→ TASK TO CARRY OUT
Search the records for "height". Report every line where it occurs.
[[ EXTRACTED RECORDS open ]]
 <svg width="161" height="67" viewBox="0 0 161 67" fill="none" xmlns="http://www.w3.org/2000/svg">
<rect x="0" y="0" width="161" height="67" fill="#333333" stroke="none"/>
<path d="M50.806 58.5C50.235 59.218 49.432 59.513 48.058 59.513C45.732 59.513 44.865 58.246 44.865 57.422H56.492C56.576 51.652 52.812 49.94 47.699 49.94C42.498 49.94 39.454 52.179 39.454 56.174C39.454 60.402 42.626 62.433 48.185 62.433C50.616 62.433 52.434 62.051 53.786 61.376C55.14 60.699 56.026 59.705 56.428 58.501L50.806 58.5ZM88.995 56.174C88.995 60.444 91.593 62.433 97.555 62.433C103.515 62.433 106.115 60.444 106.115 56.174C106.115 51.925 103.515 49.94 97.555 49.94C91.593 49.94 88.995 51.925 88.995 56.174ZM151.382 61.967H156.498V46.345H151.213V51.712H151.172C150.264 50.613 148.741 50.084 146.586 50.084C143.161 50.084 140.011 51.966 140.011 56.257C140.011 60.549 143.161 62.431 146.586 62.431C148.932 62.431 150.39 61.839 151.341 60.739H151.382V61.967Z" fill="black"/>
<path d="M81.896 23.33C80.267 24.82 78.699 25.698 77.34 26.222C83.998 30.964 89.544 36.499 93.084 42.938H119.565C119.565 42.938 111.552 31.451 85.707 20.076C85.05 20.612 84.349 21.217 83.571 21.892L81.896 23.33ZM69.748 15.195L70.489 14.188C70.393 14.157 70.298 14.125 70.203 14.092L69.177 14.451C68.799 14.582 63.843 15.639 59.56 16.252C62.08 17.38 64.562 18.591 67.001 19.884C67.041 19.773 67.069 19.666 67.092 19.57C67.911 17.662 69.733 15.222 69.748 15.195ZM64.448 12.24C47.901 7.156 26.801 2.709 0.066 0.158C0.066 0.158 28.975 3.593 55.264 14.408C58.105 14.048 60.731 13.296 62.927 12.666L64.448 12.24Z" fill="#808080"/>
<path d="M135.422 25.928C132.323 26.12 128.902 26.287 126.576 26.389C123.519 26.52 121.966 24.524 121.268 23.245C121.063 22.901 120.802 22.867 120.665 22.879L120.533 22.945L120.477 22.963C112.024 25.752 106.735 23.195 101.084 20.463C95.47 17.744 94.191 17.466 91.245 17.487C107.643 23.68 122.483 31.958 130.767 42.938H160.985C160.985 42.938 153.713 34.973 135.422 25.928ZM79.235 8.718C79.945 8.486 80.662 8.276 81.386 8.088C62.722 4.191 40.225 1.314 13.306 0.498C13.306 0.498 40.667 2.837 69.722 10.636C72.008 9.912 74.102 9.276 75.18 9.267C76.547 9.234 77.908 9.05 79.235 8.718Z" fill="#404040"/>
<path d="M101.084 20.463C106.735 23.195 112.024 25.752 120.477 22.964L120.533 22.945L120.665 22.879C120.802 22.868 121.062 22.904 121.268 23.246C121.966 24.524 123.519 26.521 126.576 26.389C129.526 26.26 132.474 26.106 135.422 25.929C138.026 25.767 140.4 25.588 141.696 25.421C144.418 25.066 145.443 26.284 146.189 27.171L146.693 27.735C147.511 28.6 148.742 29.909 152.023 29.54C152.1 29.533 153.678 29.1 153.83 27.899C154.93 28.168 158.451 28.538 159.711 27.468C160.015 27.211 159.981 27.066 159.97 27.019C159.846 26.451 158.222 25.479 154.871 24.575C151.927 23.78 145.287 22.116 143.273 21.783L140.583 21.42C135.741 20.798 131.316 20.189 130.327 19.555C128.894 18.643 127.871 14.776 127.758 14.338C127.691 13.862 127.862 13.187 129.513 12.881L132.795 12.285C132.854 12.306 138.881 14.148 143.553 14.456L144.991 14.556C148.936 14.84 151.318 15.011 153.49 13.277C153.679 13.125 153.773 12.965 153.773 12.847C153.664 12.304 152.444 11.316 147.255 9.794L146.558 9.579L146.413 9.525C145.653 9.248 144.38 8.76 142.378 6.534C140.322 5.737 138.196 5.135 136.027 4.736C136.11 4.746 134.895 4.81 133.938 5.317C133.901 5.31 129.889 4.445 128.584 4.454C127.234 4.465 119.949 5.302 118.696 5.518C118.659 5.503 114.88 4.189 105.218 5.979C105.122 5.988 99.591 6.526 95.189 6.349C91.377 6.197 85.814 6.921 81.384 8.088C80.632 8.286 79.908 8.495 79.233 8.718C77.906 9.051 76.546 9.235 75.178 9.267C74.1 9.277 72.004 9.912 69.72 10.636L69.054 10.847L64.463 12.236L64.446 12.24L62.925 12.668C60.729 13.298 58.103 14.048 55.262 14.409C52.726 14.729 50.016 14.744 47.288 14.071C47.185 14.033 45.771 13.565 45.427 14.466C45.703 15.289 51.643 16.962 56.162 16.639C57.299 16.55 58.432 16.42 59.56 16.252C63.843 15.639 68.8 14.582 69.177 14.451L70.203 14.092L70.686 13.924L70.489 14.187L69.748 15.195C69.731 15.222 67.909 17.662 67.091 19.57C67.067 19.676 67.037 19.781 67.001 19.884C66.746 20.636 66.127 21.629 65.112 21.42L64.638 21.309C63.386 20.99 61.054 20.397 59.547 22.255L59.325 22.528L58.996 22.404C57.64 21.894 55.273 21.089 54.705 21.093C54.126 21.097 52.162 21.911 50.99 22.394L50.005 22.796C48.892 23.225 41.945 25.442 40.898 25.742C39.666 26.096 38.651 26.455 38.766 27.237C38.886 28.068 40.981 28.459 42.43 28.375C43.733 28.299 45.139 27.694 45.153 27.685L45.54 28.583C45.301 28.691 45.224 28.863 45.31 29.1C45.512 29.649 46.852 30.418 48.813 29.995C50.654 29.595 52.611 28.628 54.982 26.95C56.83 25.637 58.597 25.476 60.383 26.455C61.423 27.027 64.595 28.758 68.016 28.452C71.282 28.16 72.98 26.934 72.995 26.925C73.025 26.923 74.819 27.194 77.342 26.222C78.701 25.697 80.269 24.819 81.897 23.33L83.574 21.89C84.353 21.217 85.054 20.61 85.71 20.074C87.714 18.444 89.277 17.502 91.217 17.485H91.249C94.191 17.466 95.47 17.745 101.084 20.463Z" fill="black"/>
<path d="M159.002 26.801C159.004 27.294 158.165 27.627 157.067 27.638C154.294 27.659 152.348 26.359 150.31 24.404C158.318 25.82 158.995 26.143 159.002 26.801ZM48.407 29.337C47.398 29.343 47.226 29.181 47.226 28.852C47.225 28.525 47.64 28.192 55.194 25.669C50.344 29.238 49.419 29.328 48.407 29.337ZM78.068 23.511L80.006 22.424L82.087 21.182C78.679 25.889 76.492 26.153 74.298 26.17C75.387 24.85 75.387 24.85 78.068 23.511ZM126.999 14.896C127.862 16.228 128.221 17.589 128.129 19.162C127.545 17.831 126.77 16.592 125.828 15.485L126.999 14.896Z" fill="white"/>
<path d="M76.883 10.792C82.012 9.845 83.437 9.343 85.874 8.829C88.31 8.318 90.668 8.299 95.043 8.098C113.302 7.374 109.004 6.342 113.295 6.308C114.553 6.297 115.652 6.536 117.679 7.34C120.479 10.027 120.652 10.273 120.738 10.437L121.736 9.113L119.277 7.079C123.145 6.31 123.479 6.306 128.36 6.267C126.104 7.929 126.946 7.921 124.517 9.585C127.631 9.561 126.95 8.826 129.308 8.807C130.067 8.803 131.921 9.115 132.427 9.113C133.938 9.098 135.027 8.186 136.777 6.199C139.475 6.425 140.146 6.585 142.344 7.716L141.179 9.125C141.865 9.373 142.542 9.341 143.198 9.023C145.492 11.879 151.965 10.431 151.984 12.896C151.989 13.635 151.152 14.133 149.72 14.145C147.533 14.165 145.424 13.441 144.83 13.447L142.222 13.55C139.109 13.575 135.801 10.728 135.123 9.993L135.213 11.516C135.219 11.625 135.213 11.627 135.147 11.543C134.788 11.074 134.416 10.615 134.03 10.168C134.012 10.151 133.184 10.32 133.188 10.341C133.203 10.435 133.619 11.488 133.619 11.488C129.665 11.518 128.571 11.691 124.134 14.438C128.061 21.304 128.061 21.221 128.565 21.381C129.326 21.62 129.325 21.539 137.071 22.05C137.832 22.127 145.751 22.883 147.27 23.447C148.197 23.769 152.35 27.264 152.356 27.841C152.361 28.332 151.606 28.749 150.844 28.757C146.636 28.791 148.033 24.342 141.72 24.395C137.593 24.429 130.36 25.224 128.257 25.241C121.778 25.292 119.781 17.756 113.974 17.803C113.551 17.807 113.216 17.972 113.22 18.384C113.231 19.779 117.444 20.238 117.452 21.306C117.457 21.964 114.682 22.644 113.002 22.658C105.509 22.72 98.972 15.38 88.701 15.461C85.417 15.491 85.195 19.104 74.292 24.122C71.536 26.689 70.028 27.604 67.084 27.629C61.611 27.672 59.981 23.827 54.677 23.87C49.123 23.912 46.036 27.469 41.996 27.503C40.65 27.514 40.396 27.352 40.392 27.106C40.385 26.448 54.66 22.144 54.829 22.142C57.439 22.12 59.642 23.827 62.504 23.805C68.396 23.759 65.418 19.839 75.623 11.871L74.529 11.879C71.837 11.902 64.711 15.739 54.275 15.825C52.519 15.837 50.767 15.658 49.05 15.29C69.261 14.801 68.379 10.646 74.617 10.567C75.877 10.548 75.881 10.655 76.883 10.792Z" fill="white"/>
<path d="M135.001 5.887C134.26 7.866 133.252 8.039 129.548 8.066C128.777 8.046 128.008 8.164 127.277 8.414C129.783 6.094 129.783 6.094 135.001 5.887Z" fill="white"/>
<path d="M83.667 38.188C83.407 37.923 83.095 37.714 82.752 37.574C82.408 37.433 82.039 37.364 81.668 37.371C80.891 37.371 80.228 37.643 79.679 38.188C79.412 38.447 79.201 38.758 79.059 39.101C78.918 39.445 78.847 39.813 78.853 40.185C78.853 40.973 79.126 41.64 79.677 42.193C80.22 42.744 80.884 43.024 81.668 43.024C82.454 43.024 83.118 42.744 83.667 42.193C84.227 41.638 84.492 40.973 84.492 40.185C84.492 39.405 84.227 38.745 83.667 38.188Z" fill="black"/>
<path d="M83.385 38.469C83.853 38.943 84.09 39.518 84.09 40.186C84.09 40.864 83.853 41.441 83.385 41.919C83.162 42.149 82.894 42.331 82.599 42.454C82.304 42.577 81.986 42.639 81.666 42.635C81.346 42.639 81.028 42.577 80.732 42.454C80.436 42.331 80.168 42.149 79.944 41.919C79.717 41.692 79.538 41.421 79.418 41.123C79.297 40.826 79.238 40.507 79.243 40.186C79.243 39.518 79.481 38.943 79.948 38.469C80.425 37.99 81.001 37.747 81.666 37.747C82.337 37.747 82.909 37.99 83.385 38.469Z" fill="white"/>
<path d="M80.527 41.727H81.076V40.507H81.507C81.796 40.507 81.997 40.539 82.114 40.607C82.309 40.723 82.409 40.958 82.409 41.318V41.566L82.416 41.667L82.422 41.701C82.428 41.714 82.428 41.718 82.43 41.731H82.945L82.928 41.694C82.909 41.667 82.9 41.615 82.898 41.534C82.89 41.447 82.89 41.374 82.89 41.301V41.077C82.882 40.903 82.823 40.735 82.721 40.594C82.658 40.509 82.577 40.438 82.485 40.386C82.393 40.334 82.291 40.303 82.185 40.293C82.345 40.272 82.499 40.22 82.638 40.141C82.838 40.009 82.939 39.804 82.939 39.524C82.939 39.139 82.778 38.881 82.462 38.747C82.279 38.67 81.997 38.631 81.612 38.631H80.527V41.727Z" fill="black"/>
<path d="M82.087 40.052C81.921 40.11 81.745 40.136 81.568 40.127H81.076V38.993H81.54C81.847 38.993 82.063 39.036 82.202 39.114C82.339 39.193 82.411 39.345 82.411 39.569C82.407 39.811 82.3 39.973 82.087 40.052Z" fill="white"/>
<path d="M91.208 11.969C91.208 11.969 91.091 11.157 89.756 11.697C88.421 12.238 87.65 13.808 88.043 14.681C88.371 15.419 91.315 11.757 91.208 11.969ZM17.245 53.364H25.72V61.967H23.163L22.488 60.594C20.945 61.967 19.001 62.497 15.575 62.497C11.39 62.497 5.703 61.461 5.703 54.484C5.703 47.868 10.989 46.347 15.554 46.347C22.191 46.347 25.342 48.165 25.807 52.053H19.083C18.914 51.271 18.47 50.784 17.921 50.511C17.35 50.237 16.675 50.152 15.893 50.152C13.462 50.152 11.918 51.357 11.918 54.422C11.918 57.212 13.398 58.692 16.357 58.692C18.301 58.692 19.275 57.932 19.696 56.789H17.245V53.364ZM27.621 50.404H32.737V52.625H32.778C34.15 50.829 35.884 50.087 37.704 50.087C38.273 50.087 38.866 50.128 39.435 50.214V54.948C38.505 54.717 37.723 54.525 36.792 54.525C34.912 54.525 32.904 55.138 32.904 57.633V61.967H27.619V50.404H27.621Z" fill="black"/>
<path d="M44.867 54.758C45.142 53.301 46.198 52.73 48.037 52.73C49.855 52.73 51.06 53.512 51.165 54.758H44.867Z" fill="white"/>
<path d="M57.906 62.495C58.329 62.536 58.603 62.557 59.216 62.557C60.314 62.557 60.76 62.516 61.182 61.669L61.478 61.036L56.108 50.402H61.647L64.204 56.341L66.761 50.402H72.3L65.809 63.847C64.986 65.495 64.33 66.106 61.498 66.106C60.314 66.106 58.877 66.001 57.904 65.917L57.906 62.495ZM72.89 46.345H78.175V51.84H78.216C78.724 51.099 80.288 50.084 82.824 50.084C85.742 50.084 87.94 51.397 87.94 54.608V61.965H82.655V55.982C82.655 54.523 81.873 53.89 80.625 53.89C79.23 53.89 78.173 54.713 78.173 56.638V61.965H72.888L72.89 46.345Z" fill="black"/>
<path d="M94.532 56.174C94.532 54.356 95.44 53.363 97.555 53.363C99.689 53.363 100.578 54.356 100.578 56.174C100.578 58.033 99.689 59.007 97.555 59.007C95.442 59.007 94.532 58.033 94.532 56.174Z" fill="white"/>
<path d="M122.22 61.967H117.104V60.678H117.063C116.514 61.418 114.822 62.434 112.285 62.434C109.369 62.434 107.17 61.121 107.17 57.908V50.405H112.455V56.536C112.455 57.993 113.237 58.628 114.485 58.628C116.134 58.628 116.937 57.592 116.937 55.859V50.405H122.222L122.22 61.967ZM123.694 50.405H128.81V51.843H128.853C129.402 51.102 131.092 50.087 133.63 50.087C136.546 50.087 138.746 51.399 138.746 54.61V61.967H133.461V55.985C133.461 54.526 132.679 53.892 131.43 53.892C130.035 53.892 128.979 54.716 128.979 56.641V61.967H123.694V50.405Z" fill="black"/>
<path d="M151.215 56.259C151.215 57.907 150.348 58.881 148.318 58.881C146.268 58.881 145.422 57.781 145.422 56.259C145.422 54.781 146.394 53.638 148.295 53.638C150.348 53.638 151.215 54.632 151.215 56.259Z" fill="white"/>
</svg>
[[ EXTRACTED RECORDS closed ]]
→ EXERCISE ANSWER
 <svg width="161" height="67" viewBox="0 0 161 67" fill="none" xmlns="http://www.w3.org/2000/svg">
<rect x="0" y="0" width="161" height="67" fill="#333333" stroke="none"/>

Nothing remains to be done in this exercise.